THURSDAY, March 28, 2024
nationthailand

Discourse is the only way to bring peace to the South

Discourse is the only way to bring peace to the South

Before talks can succeed, the authorities must accept that the southern insurgency is not about religion but deep historical and socio-cultural differences

Last Saturday more than 6,000 residents of the three southernmost provinces showed up at Prince of Songkhla University’s Pattani campus to take part in a seminar that became more of a political rally. The participants vented their frustration at the state’s handling of the ongoing insurgency and almost daily violence in the Malay-speaking deep South.

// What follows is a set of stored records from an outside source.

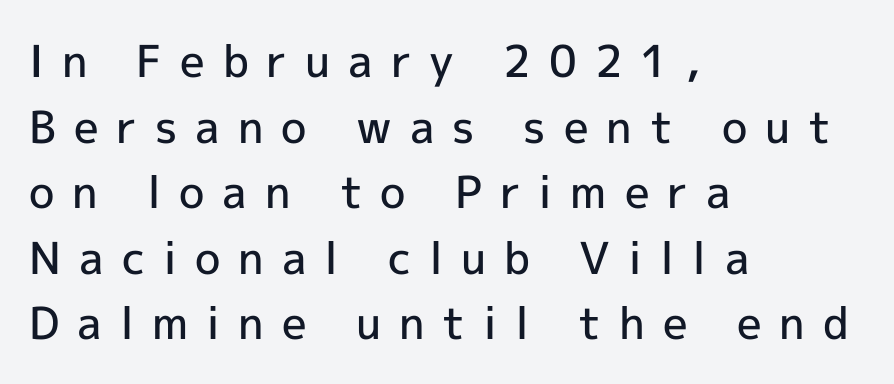
Q: Is the text bold? A: Semi-bold.
Q: Is the text italic (slanted)? A: No, it is upright.
Q: Is the typeface a serif or a sans-serif typeface? A: Sans-serif.
Q: Is the text underlined? A: No.
Q: How is the paragraph aligned? A: Left-aligned.
Q: Is the spacing between letters normal or unusually wide? A: Unusually wide.
Q: Is the spacing between lines tight, normal or loose? A: Normal.
Q: Width (condensed, normal, or wide)? A: Normal.
Q: x-height? A: Medium.
Q: Monospaced? A: No.
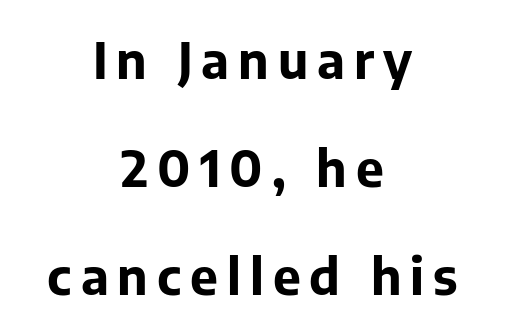
{"serif": "no", "italic": "no", "bold": "yes", "weight": "bold", "width": "normal", "stroke_contrast": "low", "x_height": "medium", "monospaced": "no", "underline": "no", "align": "center", "line_spacing": "loose", "line_spacing_ratio": 2.16, "glyph_px": 50}
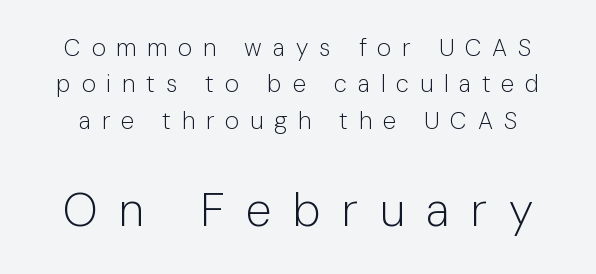
Q: Is the text bold? A: No.
Q: Is the text italic (slanted)? A: No, it is upright.
Q: Is the typeface a serif or a sans-serif typeface? A: Sans-serif.
Q: Is the text underlined? A: No.
Q: Is the spacing between letters normal or unusually wide? A: Unusually wide.
Q: Is the spacing between lines tight, normal or loose? A: Normal.
Q: Which block of text is set in a larger size, the first (top) or the second (bottom)? A: The second (bottom) one.
Q: Width (condensed, normal, or wide)? A: Normal.
Q: Stroke contrast? A: Low.
Q: x-height? A: Medium.
Q: Monospaced? A: No.
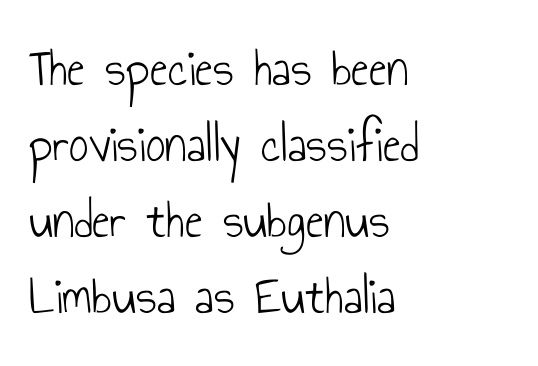
The image shows 54 px light, condensed sans-serif type, upright; set left-aligned, normal line spacing (1.41x), normal letter spacing, not underlined; low stroke contrast and a small x-height.
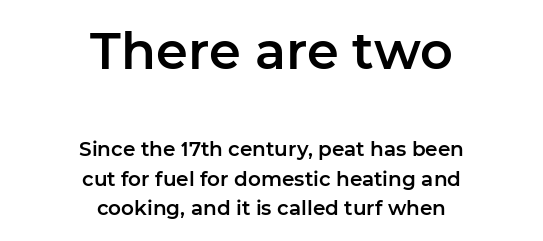
{"serif": "no", "italic": "no", "width": "normal", "stroke_contrast": "low", "x_height": "medium", "monospaced": "no", "underline": "no", "align": "center", "line_spacing": "normal", "line_spacing_ratio": 1.49, "letter_spacing": "normal", "letter_spacing_em": 0.0, "larger_block": "first", "size_ratio": 2.55, "glyph_px": 51}
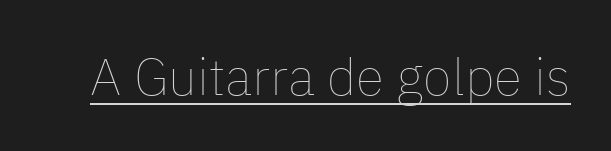
The image shows 52 px thin type, upright; set normal letter spacing, underlined; low stroke contrast and a medium x-height.
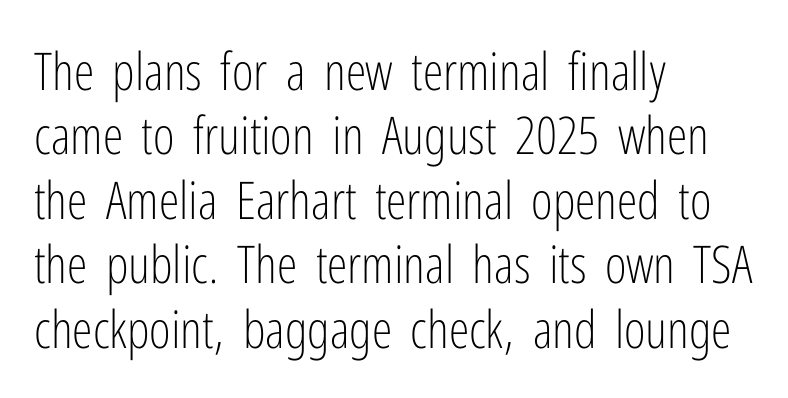
The image shows 52 px light, condensed sans-serif type, upright; set left-aligned, line spacing 1.24x, normal letter spacing, not underlined; low stroke contrast and a medium x-height.
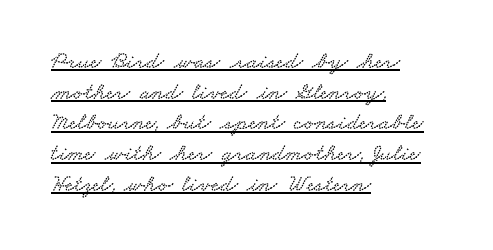
Q: Is the text underlined? A: Yes.
Q: How is the paragraph aligned? A: Left-aligned.
Q: Is the spacing between letters normal or unusually wide? A: Normal.
Q: Is the spacing between lines tight, normal or loose? A: Normal.
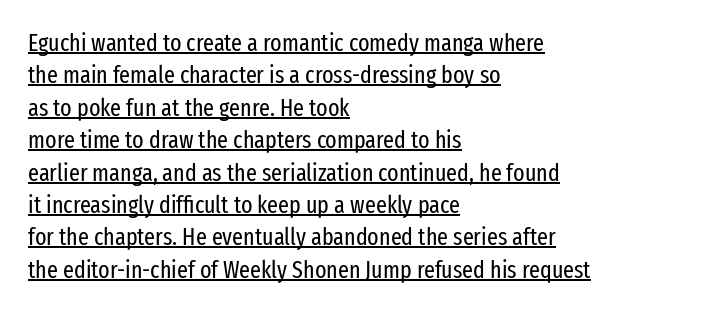
{"italic": "no", "bold": "no", "underline": "yes", "align": "left", "line_spacing": "normal", "line_spacing_ratio": 1.35, "letter_spacing": "normal", "letter_spacing_em": 0.0, "glyph_px": 24}
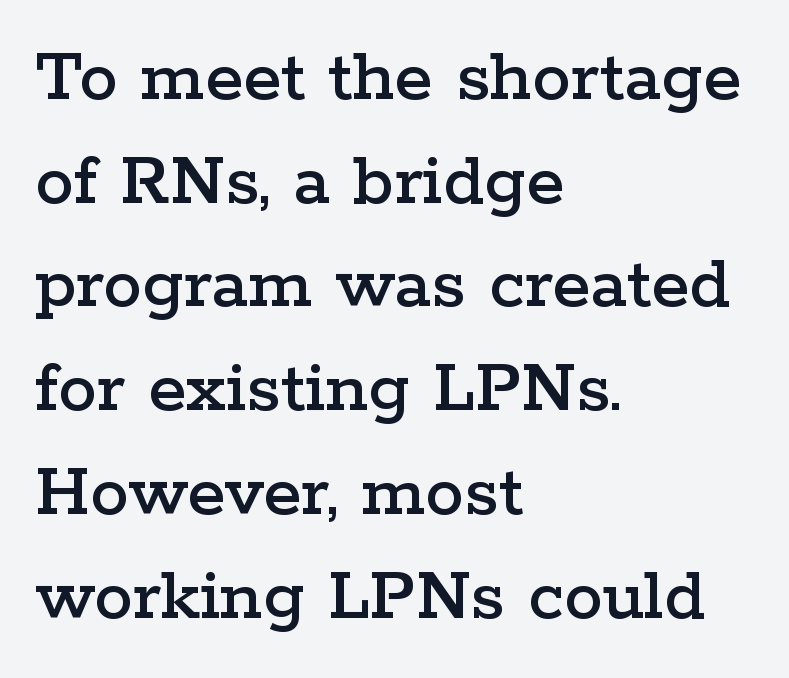
{"serif": "yes", "italic": "no", "width": "wide", "stroke_contrast": "low", "x_height": "medium", "monospaced": "no", "underline": "no", "align": "left", "line_spacing": "normal", "line_spacing_ratio": 1.33, "letter_spacing": "normal", "letter_spacing_em": 0.0, "glyph_px": 78}
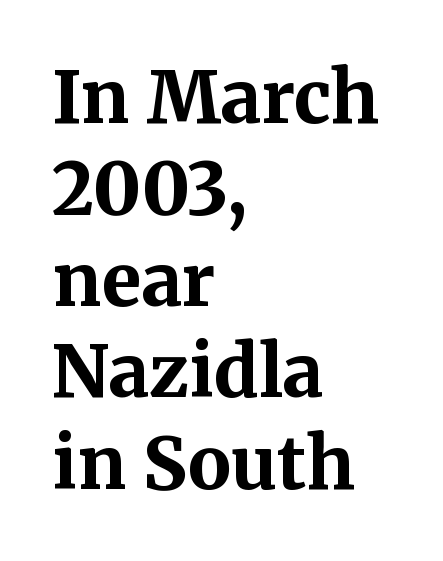
The space between consecutive lines is moderate. A typesetter would call this zero additional tracking. Descenders are the only things crossing below the line. Varying glyph widths throughout — classic text-font behaviour. The rendering uses a bold face; every stroke is thick and dark. Tall strokes in this sample are plumb rather than angled.
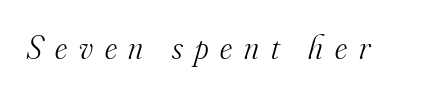
The image shows 33 px light serif type, italic (leaning right); set unusually wide letter spacing (+0.36 em), not underlined; medium stroke contrast and a small x-height.
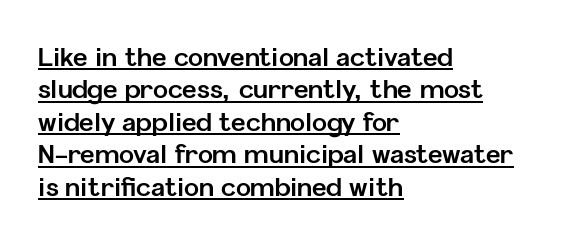
Reading down the column, the eye jumps a familiar distance to each next line. Strokes here are thick enough to call this a true bold. Nobody touched the tracking dial on this one. The words here are underlined.
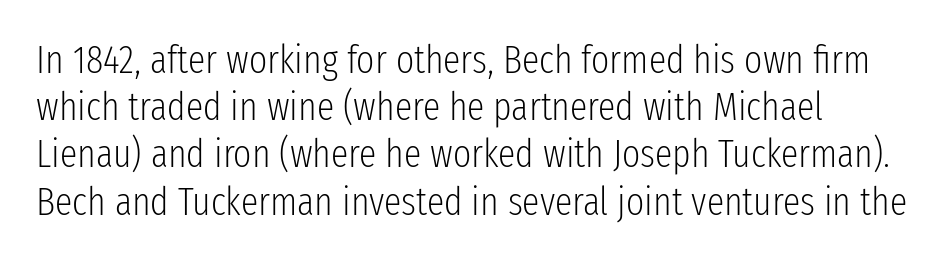
Letter spacing: default. Nothing heavy about these letters — not bold at all. Notice how the passage keeps a crisp vertical edge on the left only. The lettering holds an erect, upright posture throughout. The gap between lines stays unmarked. Character widths vary here, with narrow letters taking less room than wide ones.
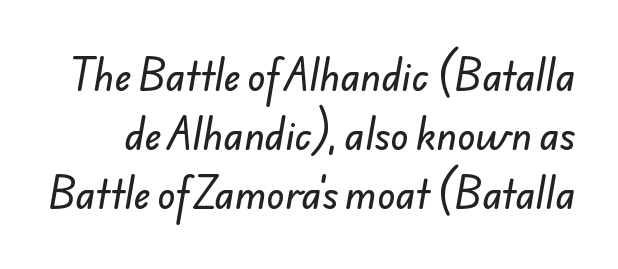
{"serif": "no", "width": "normal", "stroke_contrast": "low", "x_height": "small", "monospaced": "no", "underline": "no", "line_spacing": "normal", "line_spacing_ratio": 1.59, "letter_spacing": "normal", "letter_spacing_em": 0.0, "glyph_px": 37}
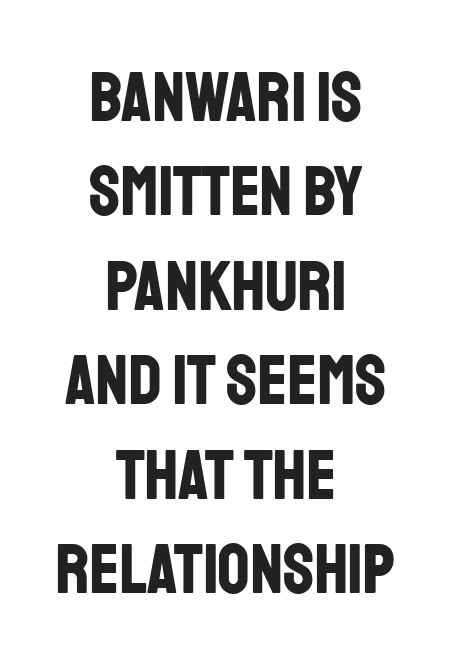
The zone under the glyphs is completely vacant. This sample has the flowing, uneven cadence of proportional lettering. It's the straight-up-and-down kind of type. This is heavy type, rendered in bold. Typeset on center — no edge is straight.
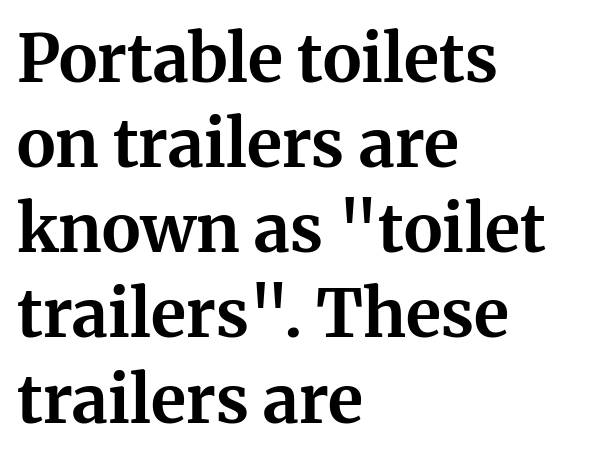
Q: Is the text bold? A: Yes.
Q: Is the text italic (slanted)? A: No, it is upright.
Q: Is the typeface a serif or a sans-serif typeface? A: Serif.
Q: Is the text underlined? A: No.
Q: How is the paragraph aligned? A: Left-aligned.
Q: Is the spacing between letters normal or unusually wide? A: Normal.
Q: Is the spacing between lines tight, normal or loose? A: Normal.
Q: Width (condensed, normal, or wide)? A: Normal.
Q: Stroke contrast? A: Medium.
Q: x-height? A: Medium.
Q: Monospaced? A: No.
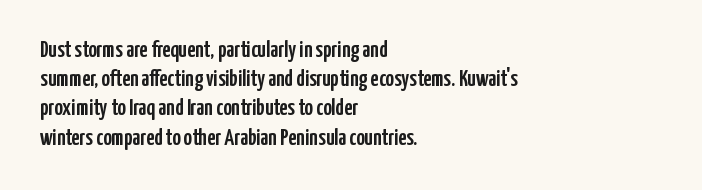
Q: Is the text italic (slanted)? A: No, it is upright.
Q: Is the text underlined? A: No.
Q: How is the paragraph aligned? A: Left-aligned.
Q: Is the spacing between letters normal or unusually wide? A: Normal.
Q: Is the spacing between lines tight, normal or loose? A: Normal.
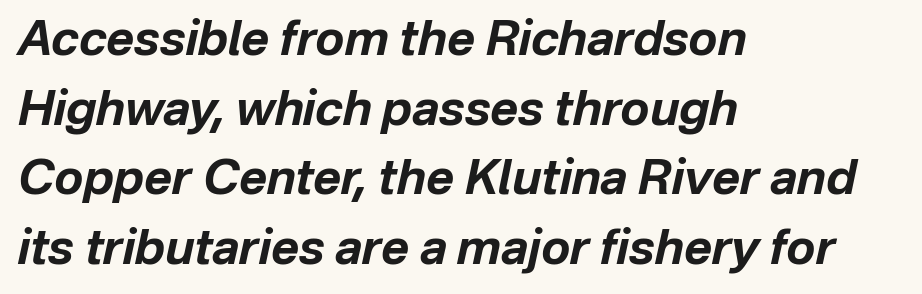
{"italic": "yes", "lean": "right", "slant_degrees": 12, "bold": "yes", "weight": "bold", "width": "normal", "stroke_contrast": "low", "x_height": "medium", "monospaced": "no", "underline": "no", "align": "left", "line_spacing": "normal", "line_spacing_ratio": 1.45, "letter_spacing": "normal", "letter_spacing_em": 0.0, "glyph_px": 48}
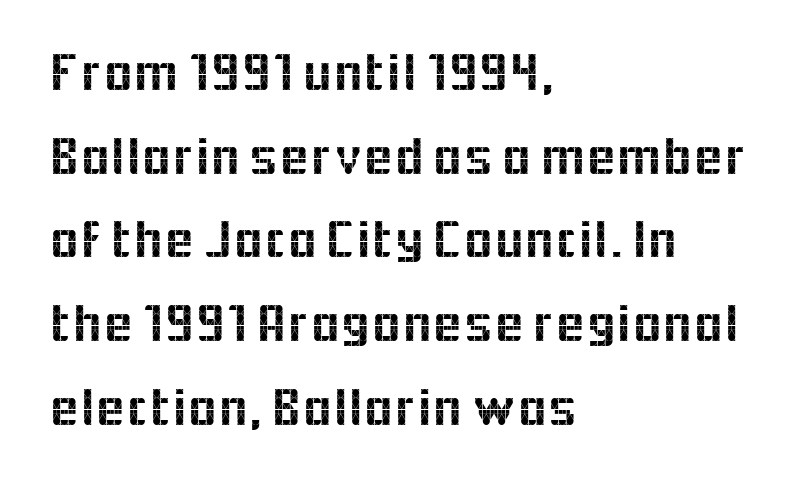
The image shows 54 px sans-serif type, upright; set left-aligned, normal line spacing (1.55x), normal letter spacing, not underlined; a medium x-height.
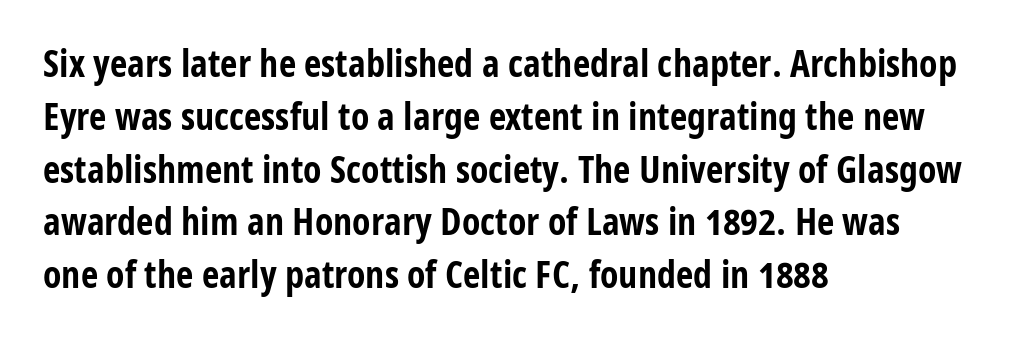
{"serif": "no", "italic": "no", "bold": "yes", "weight": "bold", "width": "condensed", "stroke_contrast": "low", "x_height": "medium", "monospaced": "no", "underline": "no", "align": "left", "line_spacing": "normal", "line_spacing_ratio": 1.39, "letter_spacing": "normal", "letter_spacing_em": 0.0, "glyph_px": 38}
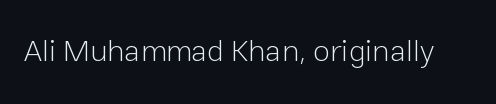
The image shows 31 px light sans-serif type, upright; set normal letter spacing, not underlined; low stroke contrast and a medium x-height.
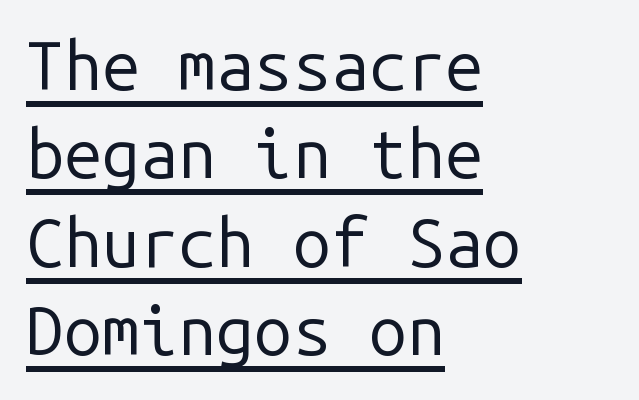
{"serif": "no", "italic": "no", "bold": "no", "weight": "regular", "width": "normal", "stroke_contrast": "low", "x_height": "medium", "monospaced": "yes", "underline": "yes", "align": "left", "line_spacing": "normal", "line_spacing_ratio": 1.3, "letter_spacing": "normal", "letter_spacing_em": 0.0, "glyph_px": 68}
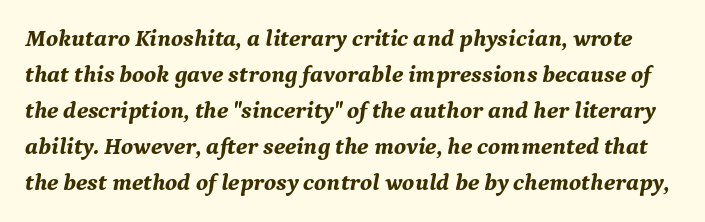
The image shows 24 px bold type, italic (leaning right); set normal line spacing (1.5x), normal letter spacing, not underlined.
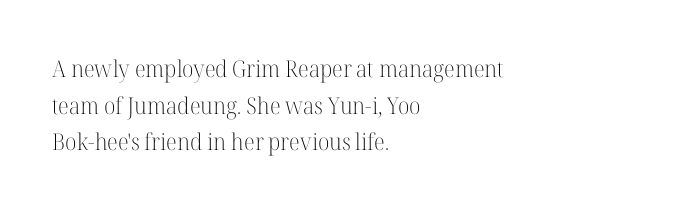
Q: Is the text bold? A: No.
Q: Is the text italic (slanted)? A: No, it is upright.
Q: Is the text underlined? A: No.
Q: How is the paragraph aligned? A: Left-aligned.
Q: Is the spacing between letters normal or unusually wide? A: Normal.
Q: Is the spacing between lines tight, normal or loose? A: Normal.
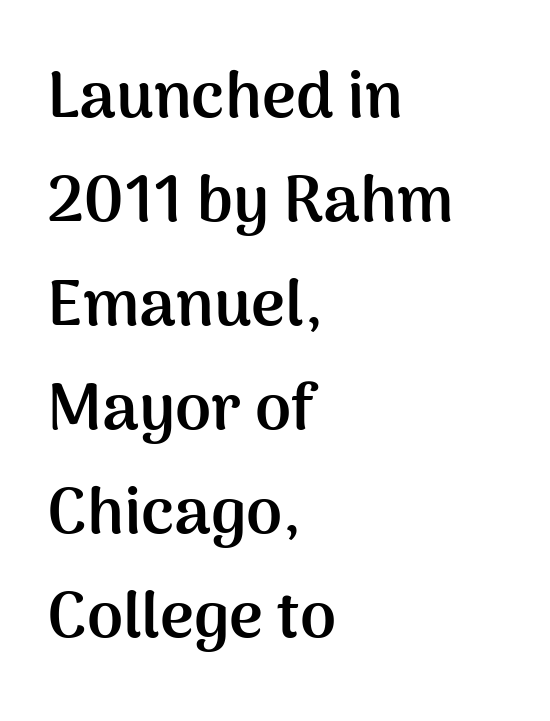
Q: Is the text bold? A: Yes.
Q: Is the text italic (slanted)? A: No, it is upright.
Q: Is the typeface a serif or a sans-serif typeface? A: Sans-serif.
Q: Is the text underlined? A: No.
Q: How is the paragraph aligned? A: Left-aligned.
Q: Is the spacing between letters normal or unusually wide? A: Normal.
Q: Is the spacing between lines tight, normal or loose? A: Normal.
Q: Width (condensed, normal, or wide)? A: Normal.
Q: Stroke contrast? A: Medium.
Q: x-height? A: Medium.
Q: Monospaced? A: No.

At the rally, a song was sung for the late Mahrosu Jantarawadee, head of a Malay-Muslim militant cell in Narathiwat’s Bacho district, who was killed in a gunfight with security forces on February 13. Youths in the South have printed T-shirts to commemorate Mahrosu. Eulogising him in song is an indication of how strong feelings are running in the region.
Video footage of Mahrosu’s funeral has been circulating on the Internet. Needless to say, the film has irked political leaders and the security agencies because it contradicts their statements that generally paint the young men involved in the insurgency as a bunch of drug-crazed criminals who embrace a “wrong” version of Islam and a distorted national history.
For many people in the South, Mahrosu was a hero, and he was buried as a martyr, in line with Islamic tradition. 
Attempts have been made by the Thai authorities to get clerics in the deep South to say Mahrosu was not a shahid, or martyr, but no one will dare to, partly because they don’t want to go against public sentiment. There is also the probability that many clerics in the region see the separatist militants taking up arms for a just cause.
But the national authorities have always tried to use the religious card in spite of the general acknowledgement that the conflict is ethno-nationalist in nature. 
There is an old saying: be careful what you wish for, because you might just get it. This conflict is not about religion, so the authorities should not try to make it appear as if it is. The authorities’ handling of the Patani Malay nationalist separatists has been bad enough so far. Just imagine if they were confronted by groups of armed Muslim fanatics.
The event last Saturday and the excitement it generated came as the Thai authorities are encouraging, publicly anyway, more space for public discussion about the root cause of the conflict. This is not to mention the fact that Bangkok has been billing the recent “agreement” between the government and a group of men who claim to be representing a long-standing separatist group – the Barisan Revolusi Nasional-Coordinate – as a big breakthrough.
Moreover, the National Security Council, in its national plan released last year, also called for greater discussion between the state agencies and those with opposing views.
However, the authorities remain frustrated because the ongoing discourse doesn’t fit into the officially constructed narrative. This is not to say that public space shouldn’t be opened up in an attempt to resolve the conflict. The bottom line is that the Thai authorities must prepare for what’s ahead. It’s so hard for those in power to understand why many of the Malay-Muslims in the region share the same sentiment as the insurgents, although most polls show that they do not support or agree with the violence. 
How the authorities handle this affair will have a direct impact on whether peace can be achieved anytime soon. Asking news outlets not to run the video footage is not the answer. The cat is already out of the bag. Now the government and its agencies have to deal with it.